Although the war was ended, the Navy continued the education of Roger's R.T. company and they soon headed to Radar school. This was held at the Naval research lab at Anacostia, a suburb of D.C. and lasted about 8 months. It was taught in 2 week segments. The teaching method was by rote not by concept.
In Radar school the executive officer tended to bore down on minor misdemeanors. There were two incidents which Roger specifically recalls. The first was a time when there were sailors posted in the bathrooms who would write down names and serial numbers of some of the men as they exited and the following weekend was a list of sailors restricted to base for weekend for the offense of not flushing the urinal. The second incident involved the inspections of the barracks. It was typical that surprise inspections would occur and the company had figured out a system to watch for and spot the inspectors prior to them getting to the barracks, relaying the information through the barracks. This came to the attention of the officers and in retaliation they came through with a surprise inspection that was not detected and went over everything in the barracks very, very thoroughly. There was an empty room nearby where Roger was and he overheard the conversation. One inspector said something to the effect that "This locker looks like a rats nest." Another inspector said something to the effect that "This one hasn't been clean since 'Christ was an ordinary Seaman'." The following weekend the entire company was on restriction.

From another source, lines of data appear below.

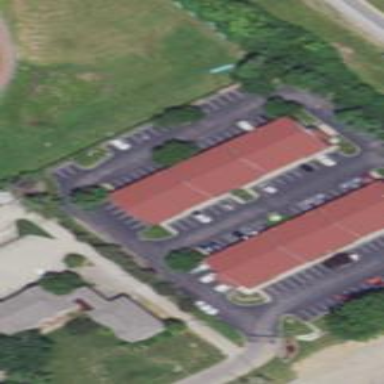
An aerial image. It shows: Hotel building.
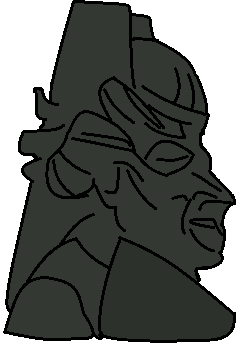
Label: 4_Yes_Chad
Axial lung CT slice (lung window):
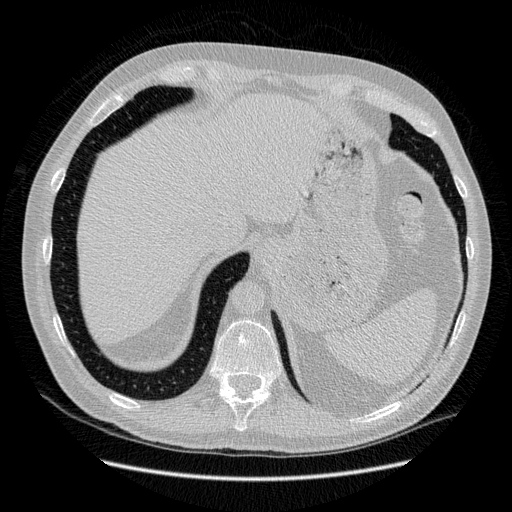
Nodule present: no
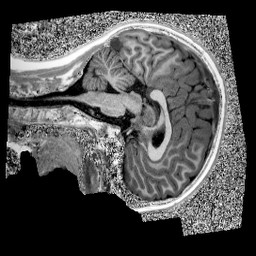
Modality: UNIT1
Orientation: sagittal
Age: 9
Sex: male
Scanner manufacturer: siemens
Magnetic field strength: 3 T
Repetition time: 4 s
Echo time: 0.00303 s
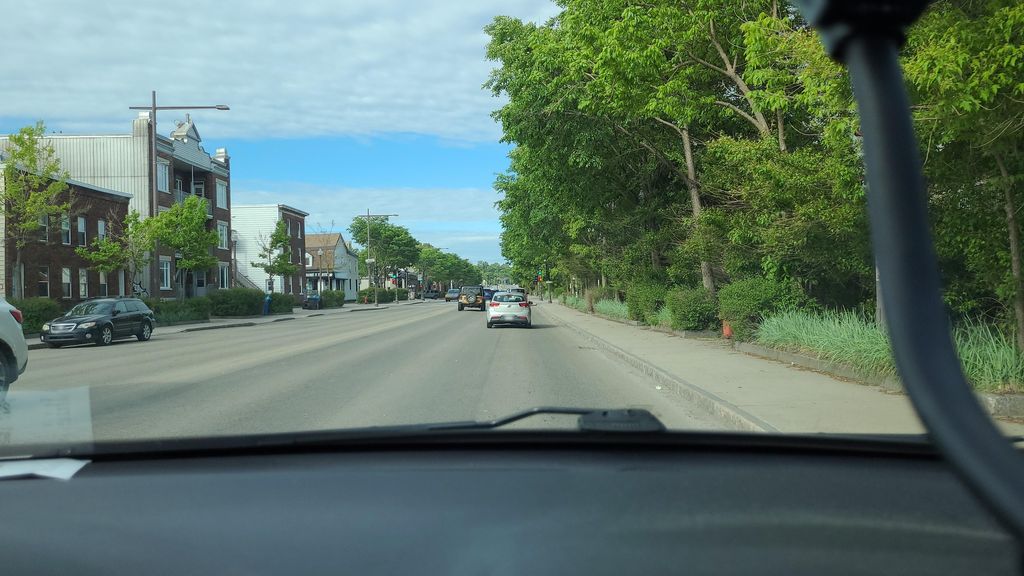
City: quebec_city
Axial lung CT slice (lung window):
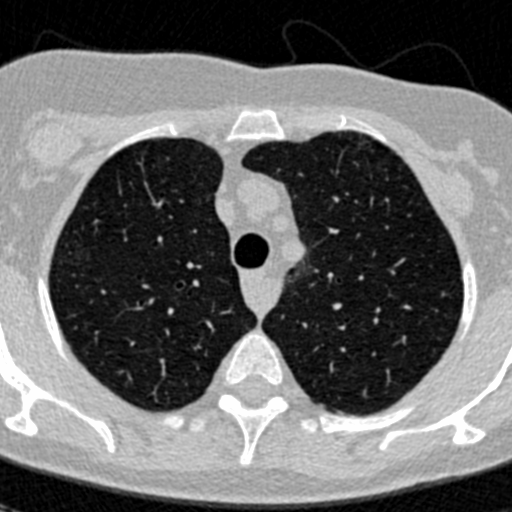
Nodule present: no
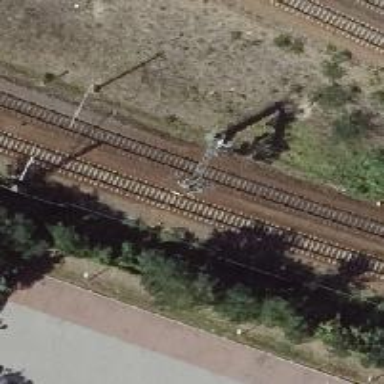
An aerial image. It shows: Railway with electrified contact lines.
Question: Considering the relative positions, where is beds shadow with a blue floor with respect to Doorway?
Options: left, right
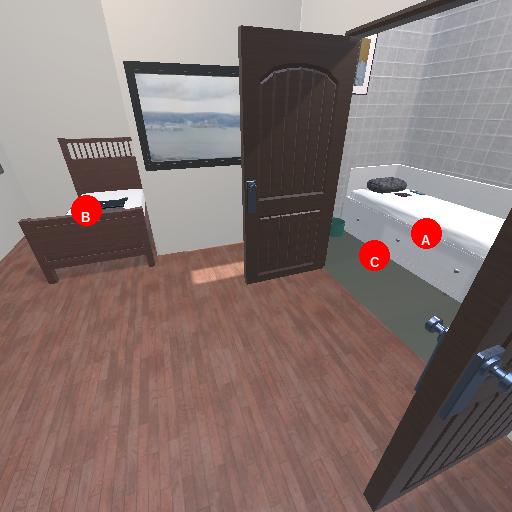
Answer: left
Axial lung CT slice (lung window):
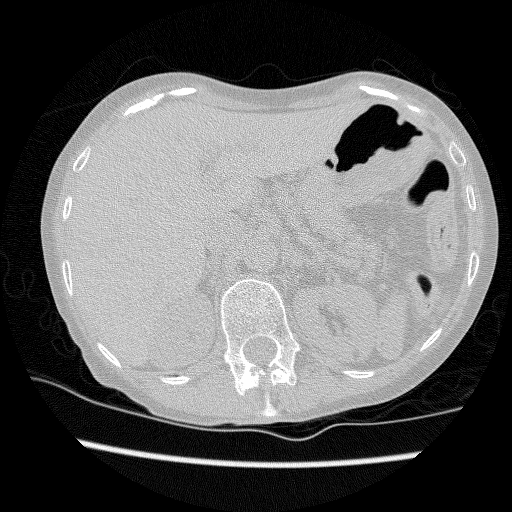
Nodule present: no
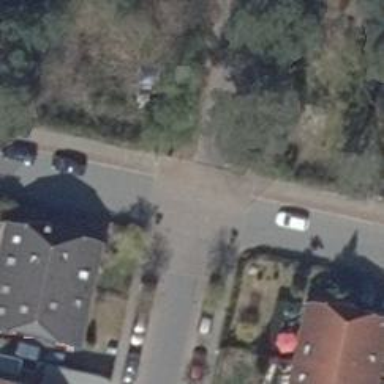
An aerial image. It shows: Residential road with sidewalks on both sides.
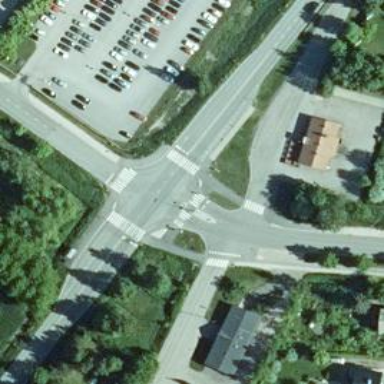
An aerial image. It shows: Marked road crossing.
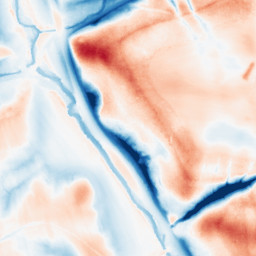
Category: classical
Decomposition family: uniform
Decomposition parameters: size: 50
Upsampling method: sinc_hamming
Upsampling parameters: scale: 4
kernel_size: 8
Upsampling scale: 4

Once the company graduated from Radar school, the war was long over. They were sent to Little Creek, VA, near Norfolk, to the demobilization center for the Navy. Over the course of the next 2 months they helped to discharge returning Navy personnel. After which they discharged themselves. Roger's specific duties were to determine where the sailor was originally inducted into service and to facilitate the return to the same location. In most cases, the sailor was provided compensation for rail transportation to the induction location. It was an easy clerical job. Often the sailors would be done with their work early and given the rest of the day off. Liberty was normally taken in Norfolk.
After his discharge, Roger went back to the University of Rochester and finished up his college studies, married had 2 children and found a carrier in Engineering at GE in Syracuse, NY and later taught at a community college. He currently resides in Rochester, NY.